WORK ITEM.
The response must consist of the lines below from the one with "Title: Ceiling paper" through the one with "Aerial imagery of", exactly as they appear and with both ends kept.

LISTED ENTRIES.
# # # #

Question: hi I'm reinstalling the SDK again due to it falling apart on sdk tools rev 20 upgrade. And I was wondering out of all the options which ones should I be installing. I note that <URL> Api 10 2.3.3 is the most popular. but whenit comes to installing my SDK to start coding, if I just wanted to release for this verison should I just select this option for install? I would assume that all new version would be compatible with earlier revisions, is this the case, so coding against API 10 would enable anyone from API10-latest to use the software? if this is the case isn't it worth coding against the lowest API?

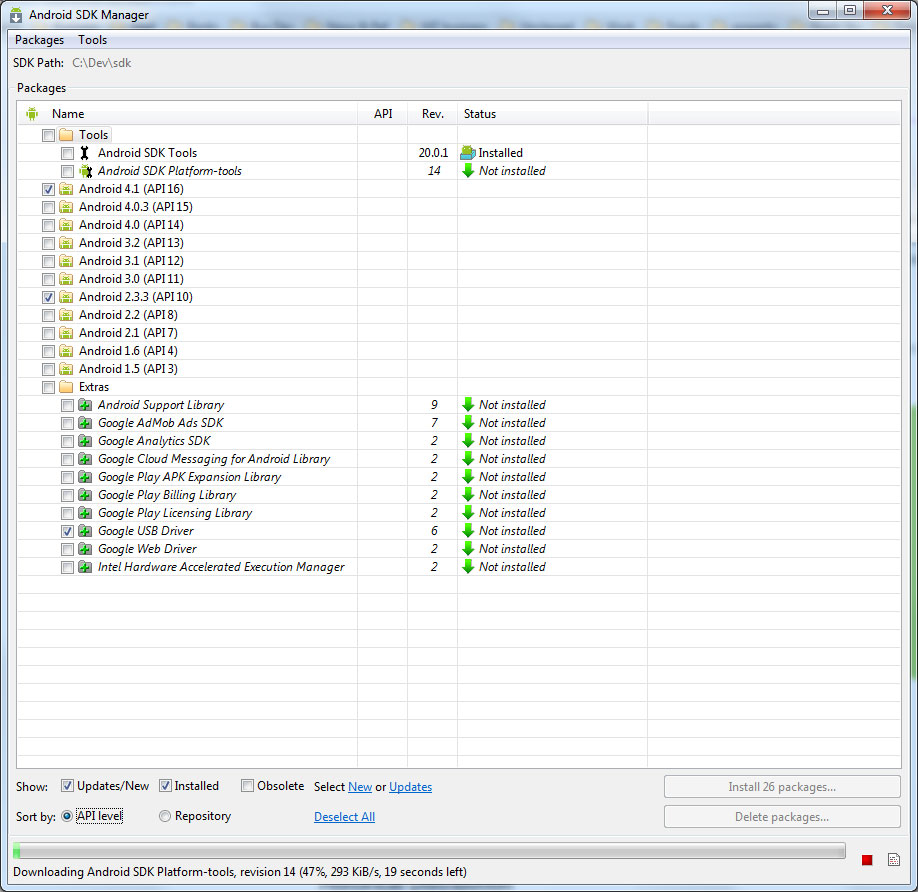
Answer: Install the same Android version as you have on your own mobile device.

# # # #

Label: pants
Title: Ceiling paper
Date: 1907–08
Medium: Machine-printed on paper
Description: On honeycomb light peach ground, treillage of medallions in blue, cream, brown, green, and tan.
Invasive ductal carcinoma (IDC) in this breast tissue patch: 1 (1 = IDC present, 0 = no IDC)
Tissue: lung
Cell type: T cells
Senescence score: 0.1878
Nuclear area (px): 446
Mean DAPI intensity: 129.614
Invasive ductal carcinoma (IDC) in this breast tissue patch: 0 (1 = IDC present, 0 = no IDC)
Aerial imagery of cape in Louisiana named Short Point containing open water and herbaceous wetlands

# # # #

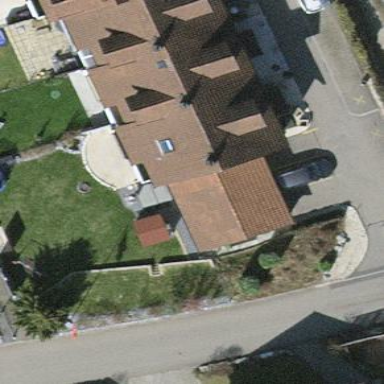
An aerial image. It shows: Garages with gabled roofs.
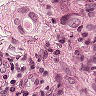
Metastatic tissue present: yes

# # # #

WORKED SOLUTION.
Title: Ceiling paper
Date: 1907–08
Medium: Machine-printed on paper
Description: On honeycomb light peach ground, treillage of medallions in blue, cream, brown, green, and tan.
Invasive ductal carcinoma (IDC) in this breast tissue patch: 1 (1 = IDC present, 0 = no IDC)
Tissue: lung
Cell type: T cells
Senescence score: 0.1878
Nuclear area (px): 446
Mean DAPI intensity: 129.614
Invasive ductal carcinoma (IDC) in this breast tissue patch: 0 (1 = IDC present, 0 = no IDC)
Aerial imagery of cape in Louisiana named Short Point containing open water and herbaceous wetlands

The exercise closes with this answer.